"How's this for a Guinness world record: we and another publisher have just published a book with the same title, on the same day, about the same person, with the same retail price. We've published Kevin Rudd by a journalist called Nicholas Stuart. Penguin have also published Kevin Rudd, in their case by a journalist called Robert Macklin. Our sub-title, though, is 'an unauthorised political biography'; theirs is 'the biography'. Is this coincidence, conspiracy, or cock-up? And what is the significance, if any, of the differing sub-titles? "To get an answer to these questions, sit back and relax while I tell the tale of the bringing of our book to market." Which is just what Henry Rosenbloom proceeds to do on his weblog "Henry's Blog". By way of introduction, Rosenbloom is the founder and publisher of Scribe Publications, an Australian small press. [I reviewed the publisher's Will Dyson: Australia's Radical Genius by Ross McMullin last year.] There aren't many blogs written by publishers in Australia so this one gives us a valuable insight into the inner workings of the industry.

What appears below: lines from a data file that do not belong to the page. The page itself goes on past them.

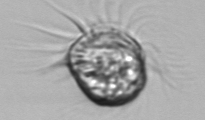
Label: Leegaardiella_ovalis
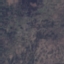
Label: HerbaceousVegetation
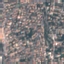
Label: Residential
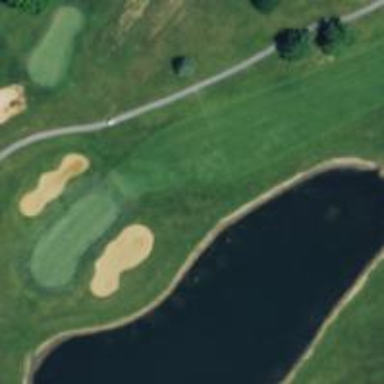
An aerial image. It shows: Water hazard in golf course. The hazard is natural water feature.
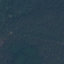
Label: Forest
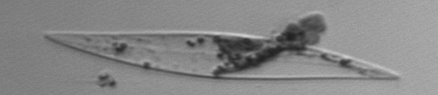
Label: Pleurosigma
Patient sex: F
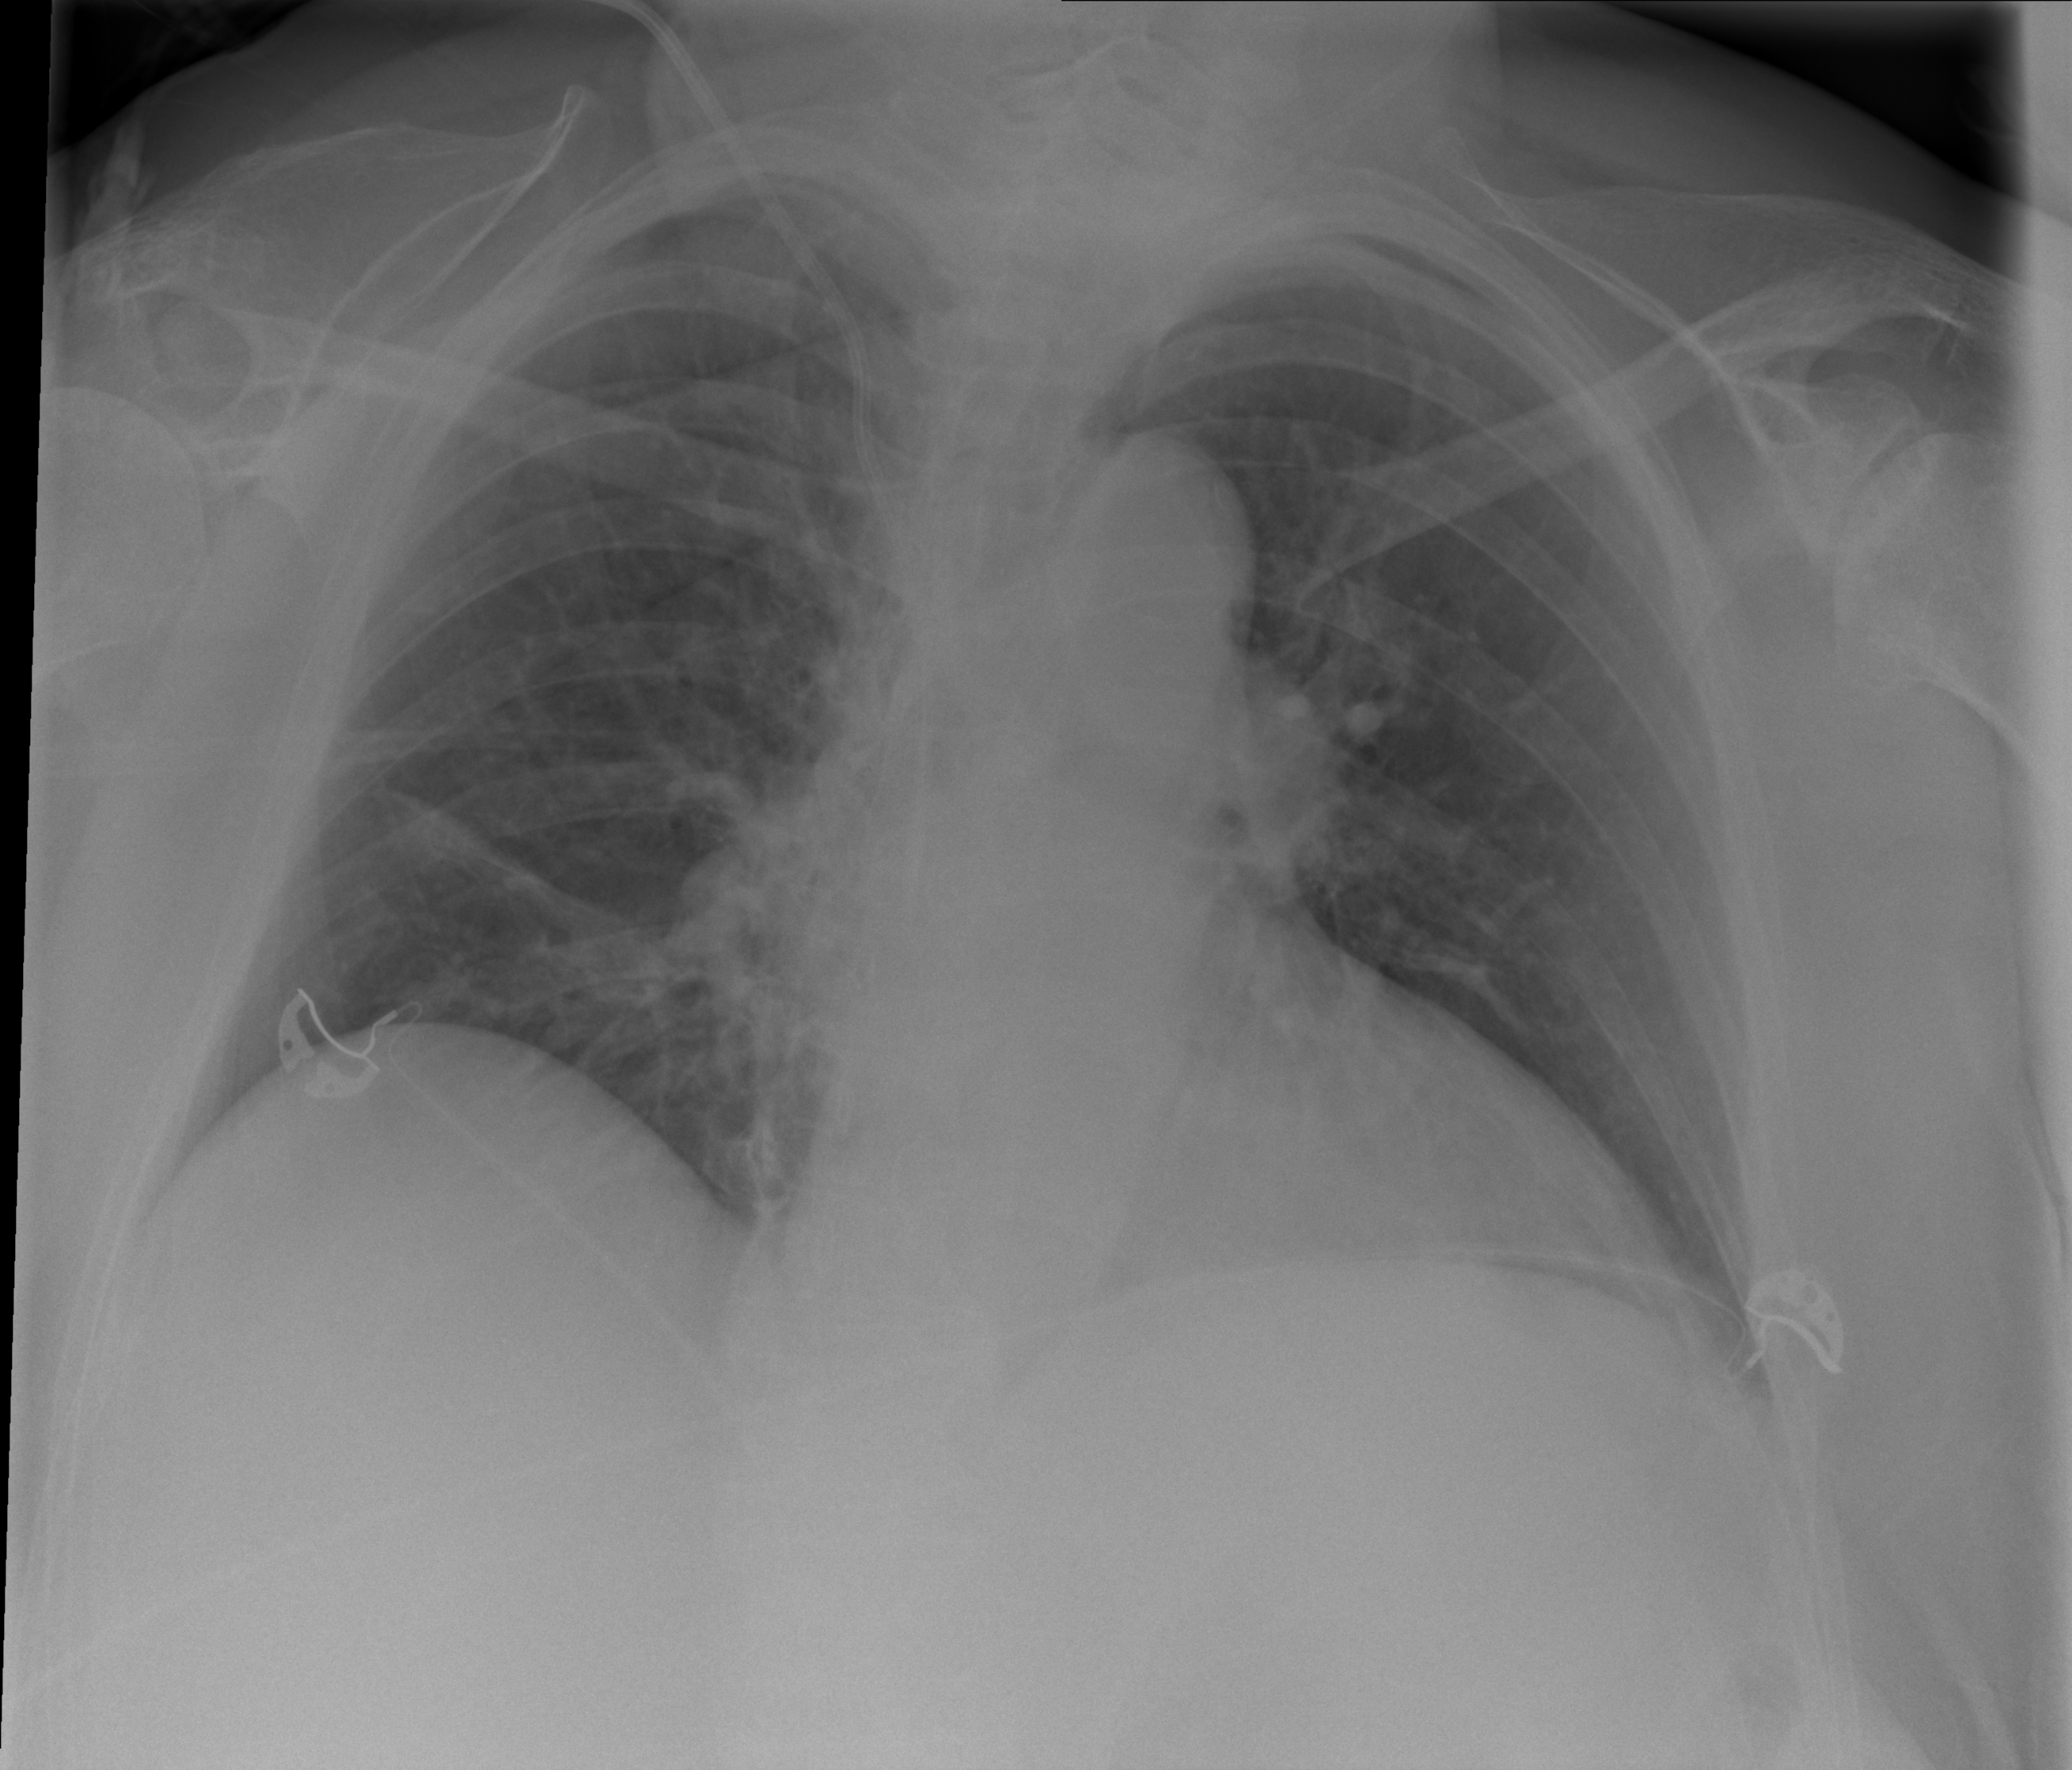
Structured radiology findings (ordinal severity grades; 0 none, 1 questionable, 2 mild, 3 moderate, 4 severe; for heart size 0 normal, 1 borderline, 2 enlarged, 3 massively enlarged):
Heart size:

Margo Lanagan is really getting stuck into the revisions and rewrites of her upcoming novel, Tender Morsels, which is still a year away from publication. "I have reached the point in the revisions where, if I'm going out and I know everyone else is going to be out of the house, I lock the manuscript away with the laptop. This is because back in March, our house was broken into, and I've done enough work on the revisions (and not word-processed it yet - I'll do that when I've completely scribbled over the entire manuscript next week) for it to be, not traumatic (and it probably wouldn't hurt the story at all -- hmm, must think about what that implies about the state it's in), but a big bloody nuisance to go back in to the last WP'd version and re-do them." I hope she's keeping off-site back-ups.
"Lit Lists" is one of Marshal Zeringue's many weblogs under the general umbrella of the "Campaign for the American Reader". On this blog he links to book lists supplied by authors to various publications and websites. The most recent entry is from Kate Blackwell who was asked by Powells.com to recommend "five or more books on a single subject of personal interest or expertise." Among those books is The Man Who Loved Children by Christina Stead, which she admires for its "sheer originality of language and unique vision".

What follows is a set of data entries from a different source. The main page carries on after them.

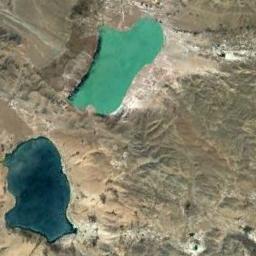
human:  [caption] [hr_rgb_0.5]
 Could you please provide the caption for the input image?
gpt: The two lakes of different colors lie in a rolling wasteland .

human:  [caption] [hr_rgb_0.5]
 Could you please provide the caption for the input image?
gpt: The ground is uneven around the lake .

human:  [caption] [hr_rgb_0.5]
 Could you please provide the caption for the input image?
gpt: There are two irregular lakes on a tan mountain, One blue and one green .

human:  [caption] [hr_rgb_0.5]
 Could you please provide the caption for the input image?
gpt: The two lakes are not the same color .

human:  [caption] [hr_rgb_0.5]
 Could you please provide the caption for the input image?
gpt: There are two green lakes with brown bare land around .
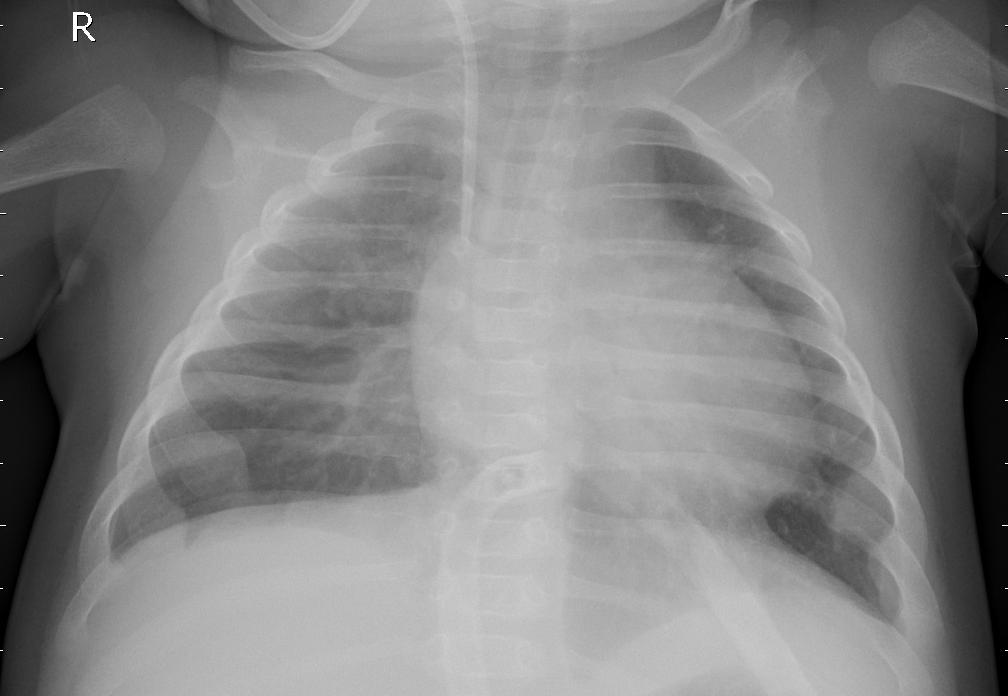
Diagnosis: PNEUMONIA
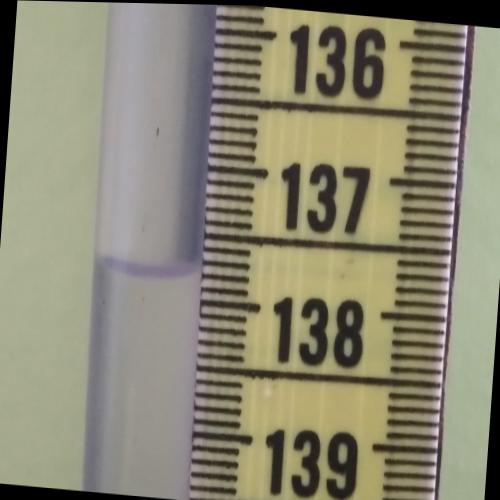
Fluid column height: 137.8 cm
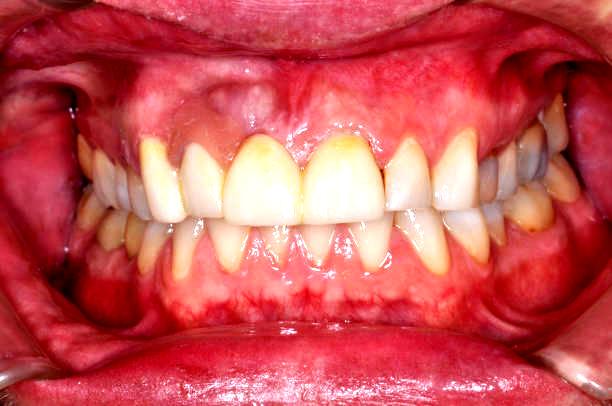
Condition: Gingivitis
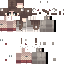
A female human skin with medium skin, wearing brown long hair dressed in a blue robe top and brown skirt, featuring a closed mouth.

The "Australian Crime Fiction" crew have purchased their tickets for the upcoming Melbourne Writers' Festival and have now published their itinerary. Pretty impressive energy levels. Which reminds me that I have to get tickets for the Ned Kelly Awards night.
Judith Ridge, on her "The :: New :: Misrule" weblog asks: "My question for the good readers of Misrule is this -- how do you define 'voice' in narrative fiction? For writers -- how do you define it, and how do you find it? How do you make a voice distinct from character to character -- especially when it comes to first person?" A lively and informative discussion ensued, which necessitated a follow-up posting.